Background: Total knee arthroplasty (TKA) may result in significant blood loss, but it is an effective and affordable treatment for severe osteoarthritis in the knees. While intravenous (IV) tranexamic acid (TXA) is a commonly used technique, intraarticular (IA) TXA has just recently started to gain traction in joint replacement procedures. The purpose of this research was to examine the mean postoperative hemoglobin concentration in order to assess the effectiveness of TXA administered IV vs IA after TKA.
Objective: To assess the effectiveness of intraarticular TXA against intravenous administration.
Materials And Methods: The six-month randomized controlled experiment was started from October 5, 2022, to April 4, 2023, at "the Orthopedics Department of Sir Ganga Ram Hospital in Lahore". The experiment included 60 patients undergoing TKA, ranging in age from 30 to 70. All members of the surgical team, including the supervisor (a consultant surgeon), assistants, and researchers, were present throughout the surgery. A high, thigh tourniquet was employed in every case, and a medial parapatellar technique was performed as well. Before the tourniquet was inflated, individuals in the intravenous group received 1 g of TXA intravenously 15-30 minutes beforehand. In the IA group, the "patient received an injection of 2 g of TXA in a 20 mL solution" straight into the joint after the prosthesis was implanted and secured. Data were analyzed using SPSS (version 26), with numerical data (age, BMI, surgical length, and hemoglobin levels) presented as mean ± SD and categorical factors (gender, American Society of Anesthesiologists (ASA) class, anatomical side) shown as frequency and percentage.

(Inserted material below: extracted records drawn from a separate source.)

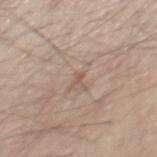Q: Was this lesion biopsied?
A: imaged on a skin check; not biopsied
Q: How was this image acquired?
A: 15 mm crop, total-body photography
Q: Where on the body is the lesion?
A: the mid back
Q: How was the tile lit?
A: white-light illumination
Q: Patient demographics?
A: male, aged 38 to 42
Q: What did automated image analysis measure?
A: a shape eccentricity near 0.8 and a symmetry-axis asymmetry near 0.35; roughly 8 lightness units darker than nearby skin and a normalized border contrast of about 5.5; border irregularity of about 3 on a 0–10 scale, a color-variation rating of about 0/10, and peripheral color asymmetry of about 0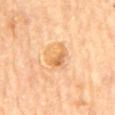Impression: The lesion was photographed on a routine skin check and not biopsied; there is no pathology result. Context: Located on the mid back. A region of skin cropped from a whole-body photographic capture, roughly 15 mm wide. The subject is a male roughly 85 years of age or older.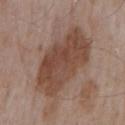Case summary:
* automated metrics: a peripheral color-asymmetry measure near 1.5
* anatomic site: the arm
* tile lighting: white-light
* image source: ~15 mm crop, total-body skin-cancer survey
* subject: male, in their mid-50s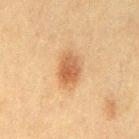diameter: ~4 mm (longest diameter)
body site: the leg
automated lesion analysis: a lesion area of about 8 mm² and a symmetry-axis asymmetry near 0.2; a lesion color around L≈54 a*≈21 b*≈36 in CIELAB, about 11 CIELAB-L* units darker than the surrounding skin, and a lesion-to-skin contrast of about 7.5 (normalized; higher = more distinct); border irregularity of about 2 on a 0–10 scale and a color-variation rating of about 3.5/10; a classifier nevus-likeness of about 100/100 and a detector confidence of about 100 out of 100 that the crop contains a lesion
imaging modality: total-body-photography crop, ~15 mm field of view
lighting: cross-polarized illumination
patient: female, in their mid-50s

The mean postoperative hemoglobin levels were compared between groups using an independent sample t-test, with data stratified by various factors and p ≤ 0.05 considered significant.
Results: There were 60 patients in this study, ranging in age from 30 to 70. The mean±SD age was 48.73±10.35 years. Patients' mean BMI was 25.51±4.48 kg/m², with representation across underweight, normal, overweight, and obese categories. The procedure took 173.10±32.61 minutes. The overall postoperative hemoglobin concentration was significantly higher in the IA TXA group (12.12±1.32 g/dL) compared to the IV TXA group (11.11±1.10 g/dL), with a p-value of 0.02. Additionally, when stratified by age, the IA TXA group consistently demonstrated higher postoperative hemoglobin levels across all age brackets, with significant differences observed in the 51-60 years (p = 0.001) and 61-70 years (p = 0.011) groups. Gender-based comparisons showed that IA TXA was associated with higher postoperative hemoglobin levels for both males (p < 0.05) and females (p < 0.05) compared to IV TXA.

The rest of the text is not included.